Chapter 03 – Extracting
Integrating all the different data sources are usually one of the biggest challenges the ETL team faces, and without data there is not data warehouse. In this chapter Kimball teach us how to interface with those various source systems, how to create your logical data map and how to deal with some common source systems.
In this chapter Kimball also talks about how to deal with subject of change in data capture and deleted record capture, as we now know that our data warehouses are dynamically changing. This change subject is also revised in many other chapters, such as the data cleaning chapter, the delivery chapters, and the operations chapter.
Part 1: The Logical Data Map
You need to plan your ETL from begin to end even before starting your first ETL process. It is important to have a logical map, a clear understanding of which data will be needed to answer business needs and where that data come from. Once you have that clear and documented, you may start building your physical implementation. So plan first, build later.
The logical data map describes the relationship between the extreme starting points and the extreme ending points of your ETL system.
Designing Logical Before Physical
You already know that you need a plan, but how to create that plan? Here’s how:
- Have a plan. You are the ETL team, so you need to understand what user needs, what kind of data source you have and document it all. This plan is of utmost importance, especially in the future as users and quality assurance (QA) team will want to validate what is happening with their data, so your plan needs to document everything in order to describe exactly what is done between the ultimate source system and the data warehouse.
- Identify data source candidates. Identify the likely candidate data sources you believe will help answer your user’s needs. Within these sources identify what elements you think will be central to your users. These data elements will be your subject in the data profiling step.
- Analyze source systems with a data-profiling tool. This data profiling step means that you will check your data source candidates and see if the data they have is adequate to fulfill your business needs. So, it is very important that whoever performs this step have technical knowledge of data, but also very good understand of business, and how this data will be used. Failure in this step can simple compromise the entire data warehouse project. If the data cannot support the business objectives, this is the time to find that out.
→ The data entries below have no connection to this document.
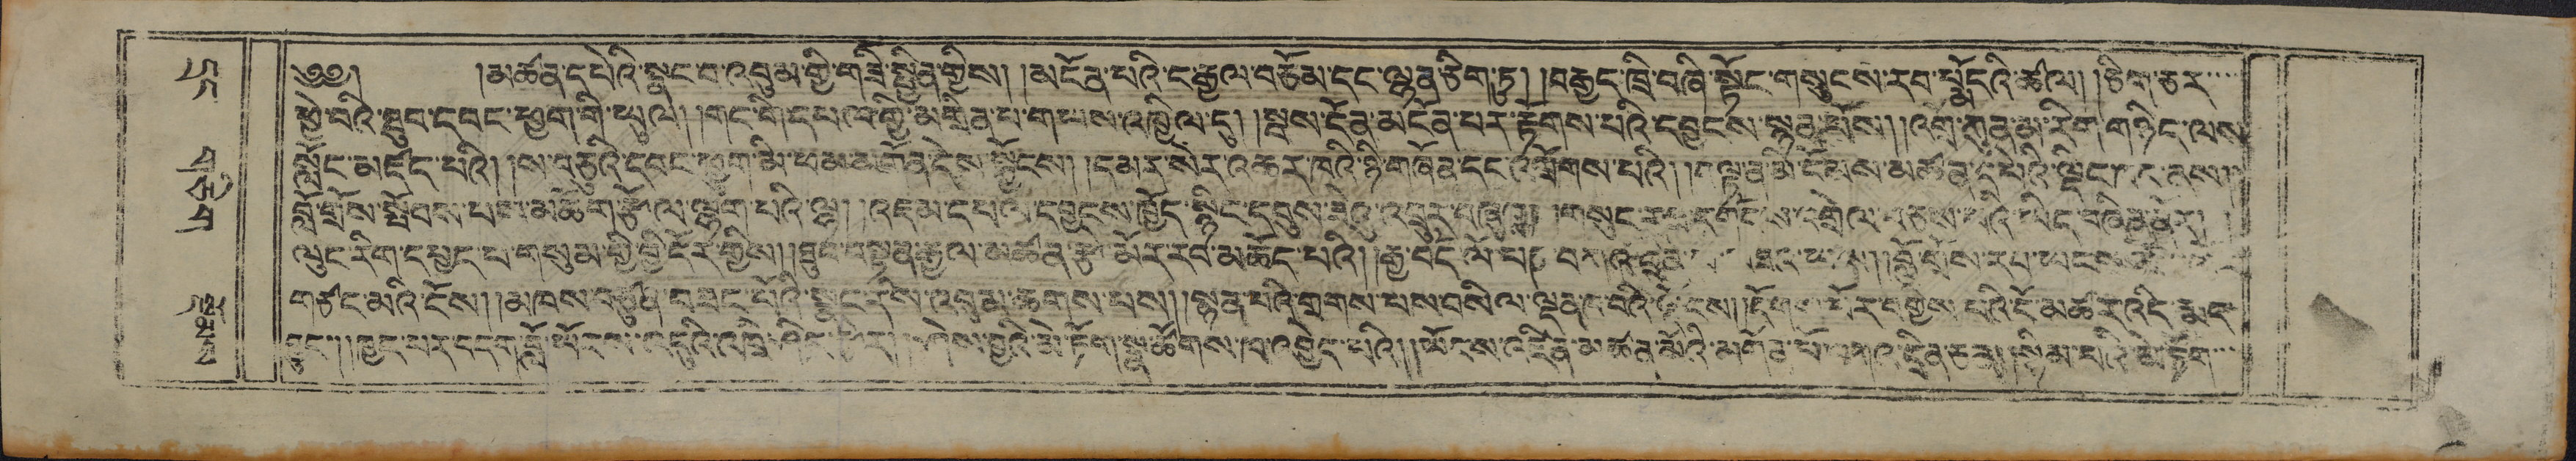༄༅། །མཚན་དཔེའི་སྣང་བ་འབུམ་གྱི་གཟི་སྦྱིན་གྱིས། །མངོན་པའི་ང་རྒྱལ་བཅོམ་དང་ལྷན་ཅིག་ཏུ། །བརྒྱད་ཁྲི་བཞི་སྟོང་གསུངས་གསུང་རབ་པདམོའི་ཚལ། །ཅིག་ཅར་
ཕྱེ་བའི་ཐུབ་དབང་ཕྱག་གི་ཡུལ། །གང་གི་དཔལ་གྱི་མགྲིན་པ་གཡས་འཁྱིལ་དུ། །སྦས་དོན་མངོན་པར་རྟོགས་པའི་དབྱངས་སྙན་པོས། །འགྲོ་ཀུན་མ་རིག་གཉིད་ལས་
སློང་མཛད་པའི། །ས་བཅུའི་དབང་ཕྱུག་མི་ཕམ་མགོན་དེས་སྐྱོངས། །དམར་སེར་འཆར་ཁའི་ཉི་གཞོན་དང་འགྲོགས་པའི། །བལྟ་ན་མི་ངོམས་མཚན་དཔེའི་ལྡིང་ཁང་ནས། །
བློ་གྲོས་སྤོབས་པ་མཆོག་རྩོལ་སྩོལ་ལྷག་པའི་ལྷ། །འཇམ་དཔལ་དབྱངས་ཁྱོད་སྙིང་དབུས་ཟེའུ་འབྲུར་བཞུགས། །གསུང་རབ་དགོངས་འགྲེལ་བཅས་པའི་ཡིད་བཞིན་ནོར། །
ལུང་རིག་དཔྱད་པ་གསུམ་གྱི་བྱི་དོར་གྱིས། །ཐུབ་བསྟན་རྒྱལ་མཚན་རྩེ་མོར་རབ་མཆོད་པའི། །རྒྱ་བོད་ལོ་པཎ་བཀའ་དྲིན་ཕ་མཐའ་ཡས། །བློ་གྲོས་རབ་ཡངས་མེ་ལོང་
གཙང་མའི་ངོས། །མཁས་བཙུན་བཟང་པོའི་སྣང་རིས་འབུམ་ཆགས་པས། །སྙན་པའི་གྲགས་པས་བསིལ་ལྡན་ཁ་བའི་ལྗོངས། །དོགས་པོར་བགྱིས་པའི་ངོ་མཚར་འདི་རྨད་
བྱུང༑ ༑ཁྱད་པར་བདག་བློ་ཡོངས་འདུའི་འཁྲི་ཤིང་རྩེར། །ཤེས་བྱའི་མེ་ཏོག་སྣ་ཚོགས་ཁ་འབྱེད་པའི། །ཡོངས་འཛིན་མཚན་མོའི་མགོན་པོ་བཀའ་དྲིན་ཅན། །སྙིམ་པའི་མེ་ཏོག་

- Receive walk-though of data lineage and business rules. Here you should have a data lineage mapped out, like, what data comes from which data source, which extractions, transformations and loadings are performed and what is going to be delivered.
- Receive walk-through of data warehouse data model. Just like the ETL team needs to understand all data lineage it also needs to understand how all that data will create the physical data model of the data warehouse. This includes understanding dimensional modeling concepts, table-by-table mapping, how dimensions, facts and any other table in the dimensional model work together to deliver the ETL solution. Also, never forget, the ETL system goal is to deliver data in the most effective way to end user tools.
- Validate calculations and formulas. It is helpful to make sure the calculations are correct before you spend time coding the wrong algorithms in your ETL process, so before creating any ETL process, double check everything, especially with your end users.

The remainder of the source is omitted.